By adopting the invention, in the aspect of occupying hardware resources, the invention only adds the Pipeline register on the basis of single-period pipeless Peterson decoding. And because a large number of bit exclusive OR logics exist in each part of the circuit adopted in the invention, the DC tool can combine common sub-expressions among all parts under the condition of fan-out permission, and the DC can optimize the combination logic more after cutting complex combination logic along with the insertion of a register.

Fig. 5 shows a comparison of the time delay and hardware resource occupancy of various decoding methods of the (44, 32, 2) BCH code. From the above results, the Peterson decoder based on the three-stage pipeline in the invention is optimal in time sequence in all schemes, the longest path delay is only 2.20ns under the clock of 400Mhz, and no violation exists. Due to its pipelined structure, the frequency boost is quite significant.

Reference is made to:

[1] error correction coding technique [ M ]. People's post and telecommunications Press 1987

[2] ECC error detection and correction techniques review [ C ] Wang Ning. University of southeast university school celebration report society of research, 2020

[3]1.Liu yang,Li jie,et alA BCH error correction scheme applied to FPGA with embedded

memoryJL.Frontiers ofInformation Technology&Electronic Engineering2021-11):

[4]Hughes H L,Benedetto J M.Radiation Effects and Hardening of MOS

Technology:Devices and Circuits[J].IEEE Transaction on Nuclear Science,2003,50(3):500-521.

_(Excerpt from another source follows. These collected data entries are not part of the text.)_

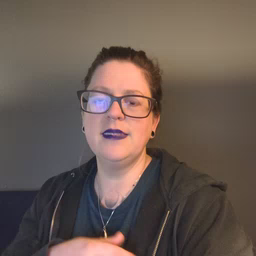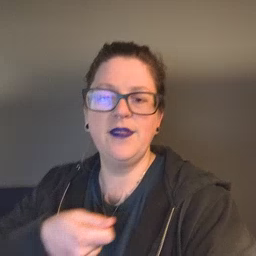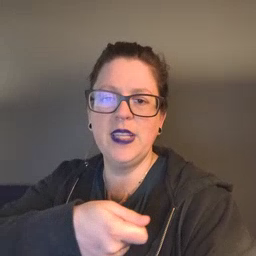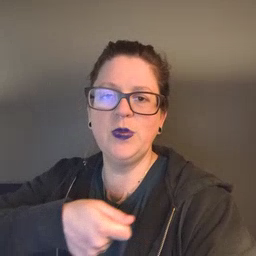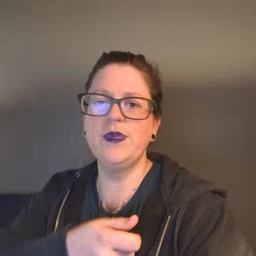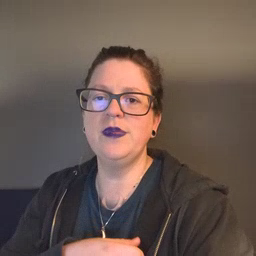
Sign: vacuum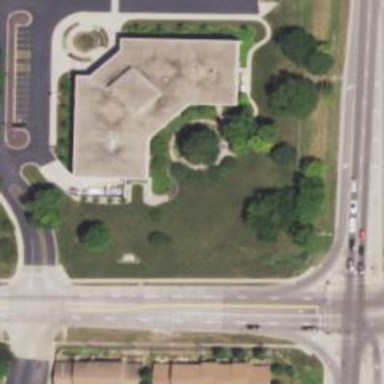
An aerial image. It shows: Commercial building.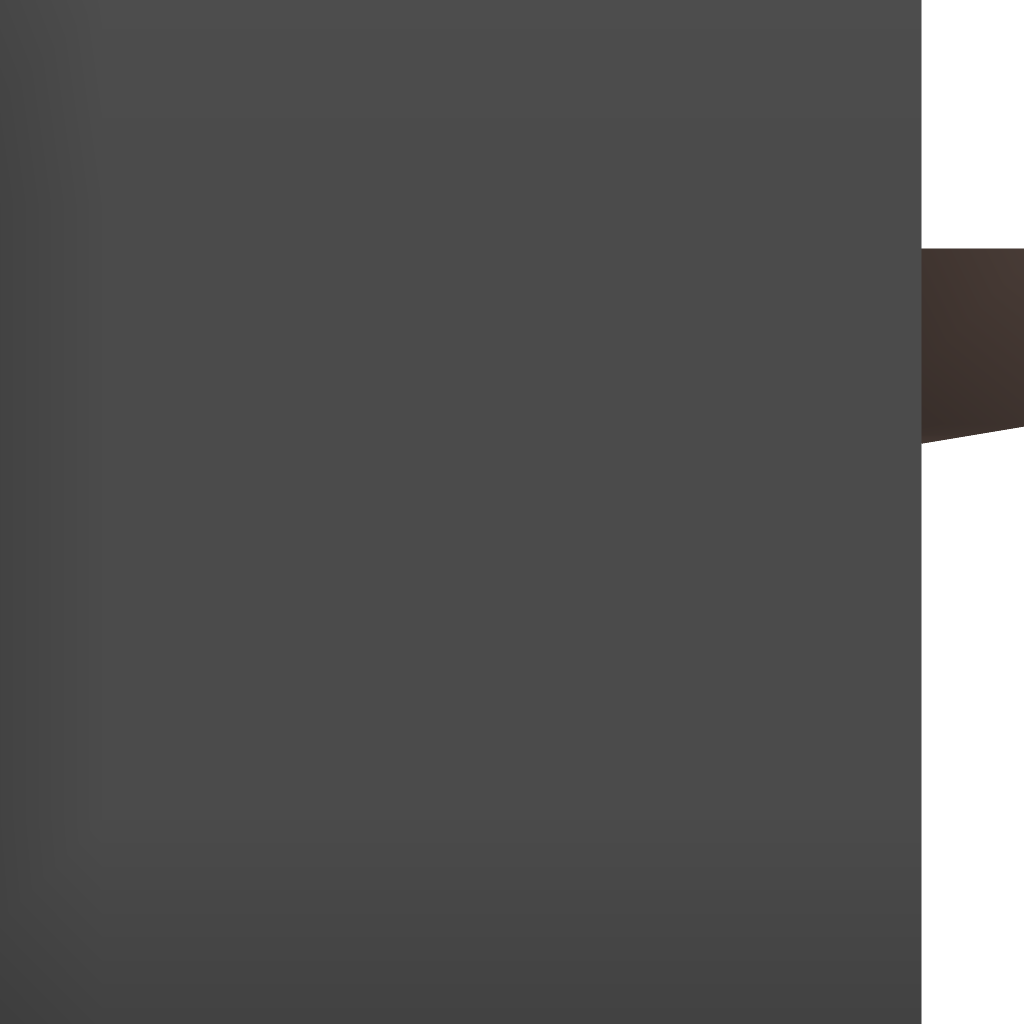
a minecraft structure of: Zombie Apocalypse!

[5] Zhang Jun, wang Zhigong, hu Qingsheng, shore-clean high speed parallel BCH (2184,2040) encoder VLSI optimization

Design, circuit and System theory 2006,11 (1): 88-94.

Claims (5)

1. A three-level pipeline BCH decoding method for a high bit error rate memory is characterized by comprising the following steps:

1) In the first stage pipeline, a syndrome calculation circuit receives a codeword polynomial r according to an mth decoding period _m (x) Calculating to obtain the ith accompanying S in the mth decoding period _i，m (x) For BCH codes with n-bit total codeword length, k-bit length and t-bit error correction, r _m (x) And S is equal to _i，m (x) The calculation formula is as follows:

wherein r is _j，m Receiving the value of the j-bit code word for the m-th decoding period, wherein a is the primitive element of the corresponding number domain;

2) Will S _i，m (x) Storing into a first stage pipeline register;

3) In the second stage pipeline, the error equation generating circuit generates a syndrome S according to the result of the output end of the previous stage pipeline _i，m-1 (x) Calculating an error equation delta _m-1 (x) Error equation delta _m-1 (x) The form of (2) is as follows:

solving error equation delta _m-1 (x) Coefficient delta of each item in (a) _j，m-1 Solving delta _j.m-1 The formula of (2) is as follows: where v refers to the number of erroneous bits,

S _j+v，m-1 +δ _1，m-1 S _j+v，m-1 +…+δ _v-1，m-1 S _j+1，m-1 +δ _v，m-1 S _j，m-1 ＝0 1≤j≤2t-v

(4)

4) Error equation delta _m-1 (x) Each coefficient of (2) is stored in a second stage pipeline register;

5) In the third stage pipeline, an error equation delta is output for the second stage pipeline _m-2 (x) And solving an error equation by adopting a Chien search circuit to find the error position.

2. The three-stage pipelined BCH decoding method for high bit error rate memory as in claim 1, wherein the syndrome computation circuit in step 1) is a syndrome computation using bit exclusive or circuit to construct (n, k, t) BCH codes.

3. The three-stage pipelined BCH decoding method for high-bit-error-rate memory as in claim 1, wherein the error equation generating circuit is constructed using a modulo multiplier and modulo adder in step 3).

4. The three-stage pipelined BCH decoding method for high bit error rate memory as recited in claim 1, wherein in step 5), the Chien search circuit determines the location of the error by searching for zero points over the finite field, i.e., evaluates each element in the finite field and checks if the result is zero, it indicates that the element is the root of the error polynomial, thereby determining an error location, and the process is repeated until all error locations are found.

5. The three-level pipelined BCH decoding method for a high bit error rate memory as in claim 4, wherein the error location is converted into an error pattern.